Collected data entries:
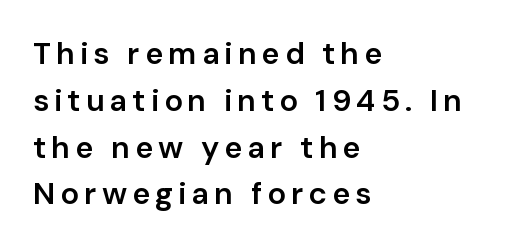
In terms of leading, this rendering sits right in the middle. The specimen omits any rule beneath the text block's lines. This rendering uses left alignment, leaving the right contour irregular. These lines are rendered in a variable-pitch font. A bit beefed up — I'd call it semibold rather than bold. Type style note: lacks serifs.
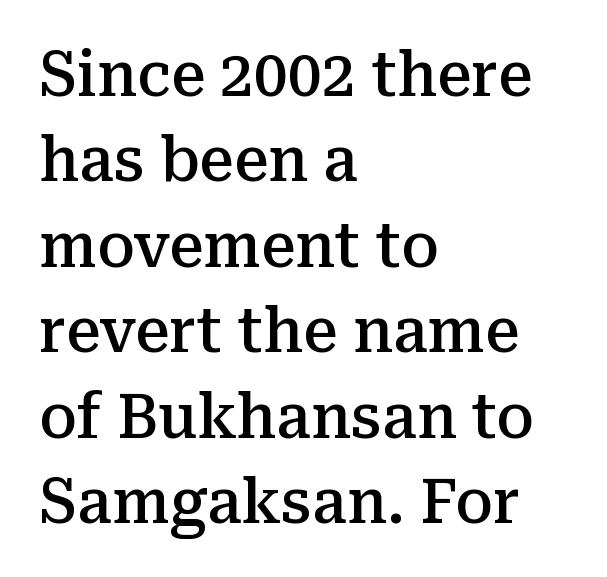
Q: Is the text bold? A: Semi-bold.
Q: Is the text italic (slanted)? A: No, it is upright.
Q: Is the typeface a serif or a sans-serif typeface? A: Serif.
Q: Is the text underlined? A: No.
Q: How is the paragraph aligned? A: Left-aligned.
Q: Is the spacing between letters normal or unusually wide? A: Normal.
Q: Is the spacing between lines tight, normal or loose? A: Normal.
Q: Width (condensed, normal, or wide)? A: Normal.
Q: Stroke contrast? A: Medium.
Q: x-height? A: Medium.
Q: Monospaced? A: No.

Instructions for the task: Count all lines of the data that include "between". The answer is the number alone.

Answer for the task: 2